## TASK REQUIREMENTS
Show each line of the records below where the word "Estimate" occurs.

[Start of Attachment]

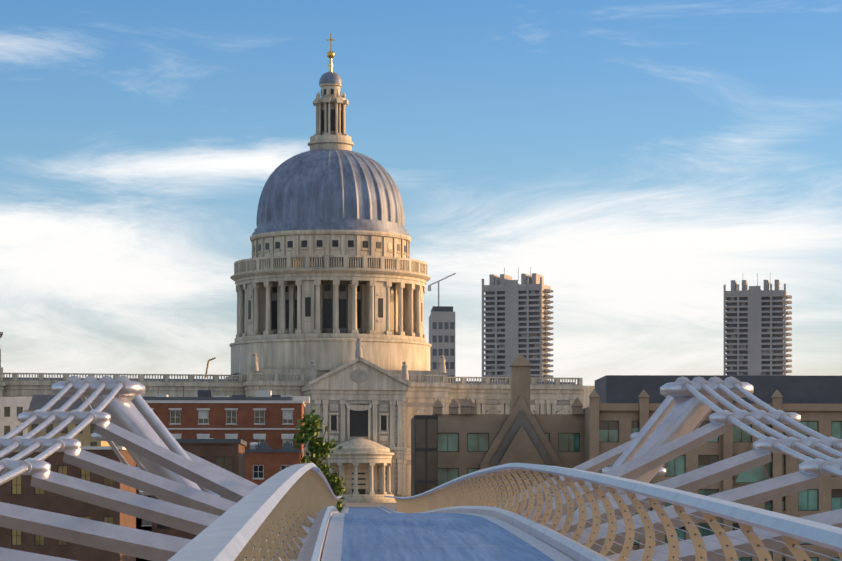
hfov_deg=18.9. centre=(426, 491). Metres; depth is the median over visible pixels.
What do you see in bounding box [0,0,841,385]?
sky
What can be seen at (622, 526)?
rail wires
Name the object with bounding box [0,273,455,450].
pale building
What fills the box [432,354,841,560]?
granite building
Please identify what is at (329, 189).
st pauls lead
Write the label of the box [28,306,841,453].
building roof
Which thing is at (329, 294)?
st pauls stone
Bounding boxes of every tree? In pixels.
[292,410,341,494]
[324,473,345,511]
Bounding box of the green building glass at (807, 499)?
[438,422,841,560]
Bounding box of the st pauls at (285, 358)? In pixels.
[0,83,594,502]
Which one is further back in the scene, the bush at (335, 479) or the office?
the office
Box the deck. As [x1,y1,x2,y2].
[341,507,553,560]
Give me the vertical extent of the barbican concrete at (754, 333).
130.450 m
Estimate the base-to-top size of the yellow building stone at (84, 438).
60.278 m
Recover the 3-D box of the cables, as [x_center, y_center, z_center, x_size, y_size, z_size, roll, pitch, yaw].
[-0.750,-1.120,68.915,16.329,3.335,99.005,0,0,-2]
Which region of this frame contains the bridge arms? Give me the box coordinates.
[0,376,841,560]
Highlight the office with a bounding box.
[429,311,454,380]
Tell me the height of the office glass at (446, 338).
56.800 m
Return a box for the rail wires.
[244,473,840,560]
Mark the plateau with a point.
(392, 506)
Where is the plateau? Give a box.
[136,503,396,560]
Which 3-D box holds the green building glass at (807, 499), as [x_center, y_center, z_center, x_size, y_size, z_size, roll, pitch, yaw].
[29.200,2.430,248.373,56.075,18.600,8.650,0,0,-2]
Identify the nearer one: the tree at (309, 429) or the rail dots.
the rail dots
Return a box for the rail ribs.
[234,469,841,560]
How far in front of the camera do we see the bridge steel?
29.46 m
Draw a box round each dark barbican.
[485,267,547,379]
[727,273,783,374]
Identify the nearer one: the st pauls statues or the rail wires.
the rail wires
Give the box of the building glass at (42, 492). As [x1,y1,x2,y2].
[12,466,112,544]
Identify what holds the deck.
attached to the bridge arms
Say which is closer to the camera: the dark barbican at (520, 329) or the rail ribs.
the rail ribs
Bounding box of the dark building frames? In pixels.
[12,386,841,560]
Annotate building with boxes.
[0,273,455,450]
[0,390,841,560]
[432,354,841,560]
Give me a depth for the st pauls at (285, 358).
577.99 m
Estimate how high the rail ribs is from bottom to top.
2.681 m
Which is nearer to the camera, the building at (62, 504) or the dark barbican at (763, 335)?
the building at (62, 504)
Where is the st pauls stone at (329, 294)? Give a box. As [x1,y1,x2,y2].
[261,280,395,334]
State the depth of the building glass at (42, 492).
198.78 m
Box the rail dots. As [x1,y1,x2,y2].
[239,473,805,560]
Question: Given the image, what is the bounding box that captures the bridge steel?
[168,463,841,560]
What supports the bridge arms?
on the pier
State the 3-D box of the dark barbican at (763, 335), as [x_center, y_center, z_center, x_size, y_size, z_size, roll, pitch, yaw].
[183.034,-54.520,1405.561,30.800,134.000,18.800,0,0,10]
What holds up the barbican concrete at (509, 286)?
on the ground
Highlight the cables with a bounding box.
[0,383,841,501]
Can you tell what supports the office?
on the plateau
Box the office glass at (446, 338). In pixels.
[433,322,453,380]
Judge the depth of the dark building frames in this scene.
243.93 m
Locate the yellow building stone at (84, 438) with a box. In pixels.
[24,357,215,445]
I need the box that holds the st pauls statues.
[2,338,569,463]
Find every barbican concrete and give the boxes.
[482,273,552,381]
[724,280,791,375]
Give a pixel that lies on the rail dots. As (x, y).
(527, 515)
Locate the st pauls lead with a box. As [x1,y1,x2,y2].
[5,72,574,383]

[End of Attachment]
[Start of Attachment]

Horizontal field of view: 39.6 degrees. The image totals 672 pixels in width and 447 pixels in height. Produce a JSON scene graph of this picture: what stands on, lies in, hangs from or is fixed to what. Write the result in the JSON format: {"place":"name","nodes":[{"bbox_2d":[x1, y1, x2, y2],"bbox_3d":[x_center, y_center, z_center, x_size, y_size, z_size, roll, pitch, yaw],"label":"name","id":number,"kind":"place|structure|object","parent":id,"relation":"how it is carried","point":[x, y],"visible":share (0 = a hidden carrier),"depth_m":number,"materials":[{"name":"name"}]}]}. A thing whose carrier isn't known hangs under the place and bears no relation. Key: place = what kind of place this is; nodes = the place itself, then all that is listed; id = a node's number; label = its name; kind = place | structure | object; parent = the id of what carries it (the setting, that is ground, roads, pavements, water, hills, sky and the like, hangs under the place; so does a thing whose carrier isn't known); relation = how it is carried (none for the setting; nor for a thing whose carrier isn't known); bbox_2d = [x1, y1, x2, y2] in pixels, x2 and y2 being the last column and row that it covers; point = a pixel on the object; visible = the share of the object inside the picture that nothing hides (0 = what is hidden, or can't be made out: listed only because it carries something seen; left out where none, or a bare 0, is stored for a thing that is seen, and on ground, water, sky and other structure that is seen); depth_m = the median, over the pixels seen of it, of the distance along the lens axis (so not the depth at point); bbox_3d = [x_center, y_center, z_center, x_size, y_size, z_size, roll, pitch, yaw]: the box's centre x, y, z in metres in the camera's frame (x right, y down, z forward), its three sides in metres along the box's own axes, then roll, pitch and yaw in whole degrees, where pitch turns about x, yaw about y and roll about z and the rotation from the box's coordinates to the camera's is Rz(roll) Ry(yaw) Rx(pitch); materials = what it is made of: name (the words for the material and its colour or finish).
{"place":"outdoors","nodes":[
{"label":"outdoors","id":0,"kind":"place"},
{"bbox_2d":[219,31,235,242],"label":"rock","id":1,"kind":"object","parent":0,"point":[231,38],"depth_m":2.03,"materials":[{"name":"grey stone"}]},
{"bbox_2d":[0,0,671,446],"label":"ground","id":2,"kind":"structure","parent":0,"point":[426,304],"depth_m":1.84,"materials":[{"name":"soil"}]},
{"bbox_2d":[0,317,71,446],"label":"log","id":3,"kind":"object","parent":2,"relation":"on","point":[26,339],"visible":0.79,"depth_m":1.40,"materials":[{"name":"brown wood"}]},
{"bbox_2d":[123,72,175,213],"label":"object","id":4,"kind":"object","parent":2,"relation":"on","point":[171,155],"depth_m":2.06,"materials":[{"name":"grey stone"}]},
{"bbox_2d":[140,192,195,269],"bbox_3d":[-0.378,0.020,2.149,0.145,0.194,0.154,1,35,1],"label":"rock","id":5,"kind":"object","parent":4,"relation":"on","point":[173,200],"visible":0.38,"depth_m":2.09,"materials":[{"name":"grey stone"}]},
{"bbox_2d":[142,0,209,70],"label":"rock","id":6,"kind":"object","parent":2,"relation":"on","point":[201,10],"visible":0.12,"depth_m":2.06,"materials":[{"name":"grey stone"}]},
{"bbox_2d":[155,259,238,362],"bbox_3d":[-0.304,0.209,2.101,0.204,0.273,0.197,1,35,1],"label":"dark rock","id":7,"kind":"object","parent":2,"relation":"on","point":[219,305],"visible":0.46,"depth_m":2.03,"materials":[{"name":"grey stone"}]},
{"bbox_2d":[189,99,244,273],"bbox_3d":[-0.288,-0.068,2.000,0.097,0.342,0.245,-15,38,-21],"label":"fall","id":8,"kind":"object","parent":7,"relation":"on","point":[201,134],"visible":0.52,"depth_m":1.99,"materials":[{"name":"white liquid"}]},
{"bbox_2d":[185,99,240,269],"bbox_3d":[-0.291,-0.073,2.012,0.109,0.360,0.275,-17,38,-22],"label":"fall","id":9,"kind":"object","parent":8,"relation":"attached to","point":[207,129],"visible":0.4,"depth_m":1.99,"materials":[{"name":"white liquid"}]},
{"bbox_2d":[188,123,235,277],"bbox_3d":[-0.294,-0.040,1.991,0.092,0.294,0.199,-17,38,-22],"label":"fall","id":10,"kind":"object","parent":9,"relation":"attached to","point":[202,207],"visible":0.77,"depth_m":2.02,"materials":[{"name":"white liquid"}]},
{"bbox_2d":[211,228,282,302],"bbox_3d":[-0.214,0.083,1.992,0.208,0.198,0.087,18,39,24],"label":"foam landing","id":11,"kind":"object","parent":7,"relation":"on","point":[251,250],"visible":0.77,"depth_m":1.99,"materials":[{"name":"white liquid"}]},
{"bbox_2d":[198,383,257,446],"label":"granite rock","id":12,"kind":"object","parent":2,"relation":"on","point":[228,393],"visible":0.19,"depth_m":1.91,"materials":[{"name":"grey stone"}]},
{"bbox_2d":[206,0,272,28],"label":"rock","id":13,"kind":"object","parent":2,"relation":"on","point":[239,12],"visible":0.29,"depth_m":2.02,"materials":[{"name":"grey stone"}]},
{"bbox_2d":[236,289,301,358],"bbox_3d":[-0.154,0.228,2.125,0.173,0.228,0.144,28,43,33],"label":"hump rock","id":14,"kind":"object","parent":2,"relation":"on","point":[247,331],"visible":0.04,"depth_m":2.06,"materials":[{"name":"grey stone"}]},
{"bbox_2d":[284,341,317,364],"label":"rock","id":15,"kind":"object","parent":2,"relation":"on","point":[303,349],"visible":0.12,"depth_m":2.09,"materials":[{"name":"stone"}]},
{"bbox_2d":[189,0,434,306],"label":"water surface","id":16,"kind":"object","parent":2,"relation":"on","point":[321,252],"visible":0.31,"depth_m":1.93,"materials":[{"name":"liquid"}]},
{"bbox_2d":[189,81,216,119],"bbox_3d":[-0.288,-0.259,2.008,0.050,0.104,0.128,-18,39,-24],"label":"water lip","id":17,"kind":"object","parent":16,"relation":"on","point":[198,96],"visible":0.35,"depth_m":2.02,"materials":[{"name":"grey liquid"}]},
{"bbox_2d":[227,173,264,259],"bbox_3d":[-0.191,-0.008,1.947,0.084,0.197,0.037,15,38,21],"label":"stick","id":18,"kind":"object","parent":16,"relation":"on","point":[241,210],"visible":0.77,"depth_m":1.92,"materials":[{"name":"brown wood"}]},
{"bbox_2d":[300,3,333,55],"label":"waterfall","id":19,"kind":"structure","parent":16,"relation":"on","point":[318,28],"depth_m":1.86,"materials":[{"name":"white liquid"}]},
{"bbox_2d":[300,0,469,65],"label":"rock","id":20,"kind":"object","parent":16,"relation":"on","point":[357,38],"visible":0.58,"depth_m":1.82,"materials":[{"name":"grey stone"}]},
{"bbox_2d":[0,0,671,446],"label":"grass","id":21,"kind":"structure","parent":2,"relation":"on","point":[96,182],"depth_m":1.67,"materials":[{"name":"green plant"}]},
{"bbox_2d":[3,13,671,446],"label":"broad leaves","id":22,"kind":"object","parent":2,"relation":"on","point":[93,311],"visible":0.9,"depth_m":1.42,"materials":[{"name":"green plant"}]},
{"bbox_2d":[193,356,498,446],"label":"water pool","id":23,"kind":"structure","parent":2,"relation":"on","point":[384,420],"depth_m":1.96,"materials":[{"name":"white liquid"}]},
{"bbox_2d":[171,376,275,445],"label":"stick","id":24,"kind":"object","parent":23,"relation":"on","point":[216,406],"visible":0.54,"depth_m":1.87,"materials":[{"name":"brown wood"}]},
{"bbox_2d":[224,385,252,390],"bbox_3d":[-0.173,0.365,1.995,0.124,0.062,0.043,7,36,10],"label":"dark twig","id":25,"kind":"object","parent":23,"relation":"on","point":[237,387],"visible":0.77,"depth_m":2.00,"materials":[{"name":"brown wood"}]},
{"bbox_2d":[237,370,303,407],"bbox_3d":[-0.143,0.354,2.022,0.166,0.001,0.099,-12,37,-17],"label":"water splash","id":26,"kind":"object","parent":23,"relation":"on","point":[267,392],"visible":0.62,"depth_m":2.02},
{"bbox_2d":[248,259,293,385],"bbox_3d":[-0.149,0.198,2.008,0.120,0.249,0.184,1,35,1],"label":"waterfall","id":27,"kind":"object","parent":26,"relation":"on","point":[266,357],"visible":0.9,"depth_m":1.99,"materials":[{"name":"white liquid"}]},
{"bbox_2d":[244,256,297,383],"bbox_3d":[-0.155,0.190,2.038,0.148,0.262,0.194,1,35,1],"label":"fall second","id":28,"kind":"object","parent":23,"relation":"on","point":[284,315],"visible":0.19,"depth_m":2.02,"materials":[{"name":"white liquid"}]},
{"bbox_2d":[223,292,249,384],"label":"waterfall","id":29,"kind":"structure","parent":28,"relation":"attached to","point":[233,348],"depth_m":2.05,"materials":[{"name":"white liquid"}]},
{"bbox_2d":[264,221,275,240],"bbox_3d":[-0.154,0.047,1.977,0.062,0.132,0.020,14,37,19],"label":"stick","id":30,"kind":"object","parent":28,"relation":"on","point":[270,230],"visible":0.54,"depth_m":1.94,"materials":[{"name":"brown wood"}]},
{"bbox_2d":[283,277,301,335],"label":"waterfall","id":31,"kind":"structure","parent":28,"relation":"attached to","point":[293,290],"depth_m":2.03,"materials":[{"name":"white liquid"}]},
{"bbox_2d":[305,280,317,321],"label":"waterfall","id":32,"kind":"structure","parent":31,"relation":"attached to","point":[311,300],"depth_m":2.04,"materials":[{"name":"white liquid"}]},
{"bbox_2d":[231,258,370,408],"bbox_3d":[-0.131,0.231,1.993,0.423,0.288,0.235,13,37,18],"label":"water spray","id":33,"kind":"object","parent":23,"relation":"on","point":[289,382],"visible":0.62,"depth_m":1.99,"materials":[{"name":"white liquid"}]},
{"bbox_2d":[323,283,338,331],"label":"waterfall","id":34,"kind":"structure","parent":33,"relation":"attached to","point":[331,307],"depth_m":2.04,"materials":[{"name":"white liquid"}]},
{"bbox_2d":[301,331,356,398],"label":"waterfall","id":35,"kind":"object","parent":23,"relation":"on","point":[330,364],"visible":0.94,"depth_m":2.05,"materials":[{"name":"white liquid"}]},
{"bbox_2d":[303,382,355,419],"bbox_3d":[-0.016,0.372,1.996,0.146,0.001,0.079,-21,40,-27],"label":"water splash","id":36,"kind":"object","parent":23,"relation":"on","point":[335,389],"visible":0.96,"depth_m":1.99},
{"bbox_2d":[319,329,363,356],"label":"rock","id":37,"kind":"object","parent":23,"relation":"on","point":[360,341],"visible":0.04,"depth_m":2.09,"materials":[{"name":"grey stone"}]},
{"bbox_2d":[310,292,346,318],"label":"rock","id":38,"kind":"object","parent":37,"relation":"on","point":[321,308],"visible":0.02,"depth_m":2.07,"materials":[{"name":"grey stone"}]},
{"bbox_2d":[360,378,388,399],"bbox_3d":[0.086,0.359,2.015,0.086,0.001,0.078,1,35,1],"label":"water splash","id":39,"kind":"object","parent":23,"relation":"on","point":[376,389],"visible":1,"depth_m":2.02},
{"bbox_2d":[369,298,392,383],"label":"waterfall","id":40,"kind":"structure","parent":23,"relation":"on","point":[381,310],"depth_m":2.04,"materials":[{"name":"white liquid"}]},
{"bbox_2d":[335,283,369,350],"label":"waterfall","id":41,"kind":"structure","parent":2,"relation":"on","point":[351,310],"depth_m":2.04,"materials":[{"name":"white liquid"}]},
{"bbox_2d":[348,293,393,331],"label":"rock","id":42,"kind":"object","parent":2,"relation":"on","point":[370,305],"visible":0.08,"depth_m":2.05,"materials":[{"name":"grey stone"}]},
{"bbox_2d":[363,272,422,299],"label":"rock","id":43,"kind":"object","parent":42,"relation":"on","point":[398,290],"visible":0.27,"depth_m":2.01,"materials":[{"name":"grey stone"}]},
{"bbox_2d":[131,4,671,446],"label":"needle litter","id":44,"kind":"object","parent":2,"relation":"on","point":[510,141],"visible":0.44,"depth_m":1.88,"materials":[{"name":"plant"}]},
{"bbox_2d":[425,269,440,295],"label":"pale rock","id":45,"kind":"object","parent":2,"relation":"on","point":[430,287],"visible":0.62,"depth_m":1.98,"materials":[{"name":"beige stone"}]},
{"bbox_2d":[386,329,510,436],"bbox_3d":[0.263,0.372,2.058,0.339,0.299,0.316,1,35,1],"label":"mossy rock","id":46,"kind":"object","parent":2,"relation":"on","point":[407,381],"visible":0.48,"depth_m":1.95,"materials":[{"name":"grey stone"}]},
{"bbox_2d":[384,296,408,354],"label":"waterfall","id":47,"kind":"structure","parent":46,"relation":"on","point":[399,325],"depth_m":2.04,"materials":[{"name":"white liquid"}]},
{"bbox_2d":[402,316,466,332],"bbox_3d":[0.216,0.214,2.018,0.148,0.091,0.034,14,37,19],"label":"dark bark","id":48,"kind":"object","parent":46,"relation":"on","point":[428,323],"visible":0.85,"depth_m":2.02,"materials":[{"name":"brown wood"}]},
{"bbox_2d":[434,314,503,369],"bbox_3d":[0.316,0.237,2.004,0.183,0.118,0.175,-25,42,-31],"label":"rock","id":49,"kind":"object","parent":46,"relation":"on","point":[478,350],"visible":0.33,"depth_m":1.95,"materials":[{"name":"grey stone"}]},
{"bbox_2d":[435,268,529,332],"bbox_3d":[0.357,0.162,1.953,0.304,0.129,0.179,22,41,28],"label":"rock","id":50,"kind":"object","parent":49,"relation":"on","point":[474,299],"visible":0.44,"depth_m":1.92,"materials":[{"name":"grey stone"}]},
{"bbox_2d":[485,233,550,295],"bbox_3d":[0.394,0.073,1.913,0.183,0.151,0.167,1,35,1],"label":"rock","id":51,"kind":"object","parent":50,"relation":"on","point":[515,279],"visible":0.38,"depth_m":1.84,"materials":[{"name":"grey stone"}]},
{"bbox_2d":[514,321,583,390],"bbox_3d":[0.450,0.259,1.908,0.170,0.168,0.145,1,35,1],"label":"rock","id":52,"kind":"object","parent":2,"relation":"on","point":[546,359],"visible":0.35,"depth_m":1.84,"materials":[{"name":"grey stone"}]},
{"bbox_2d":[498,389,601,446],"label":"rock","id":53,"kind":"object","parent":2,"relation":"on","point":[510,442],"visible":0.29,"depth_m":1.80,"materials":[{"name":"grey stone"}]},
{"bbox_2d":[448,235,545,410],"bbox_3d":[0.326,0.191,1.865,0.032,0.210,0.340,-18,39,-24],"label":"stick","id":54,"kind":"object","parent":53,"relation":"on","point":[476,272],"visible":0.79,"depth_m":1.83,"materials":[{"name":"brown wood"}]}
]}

[End of Attachment]

## TASK RESULT
Estimate the base-to-top size of the yellow building stone at (84, 438).
Estimate how high the rail ribs is from bottom to top.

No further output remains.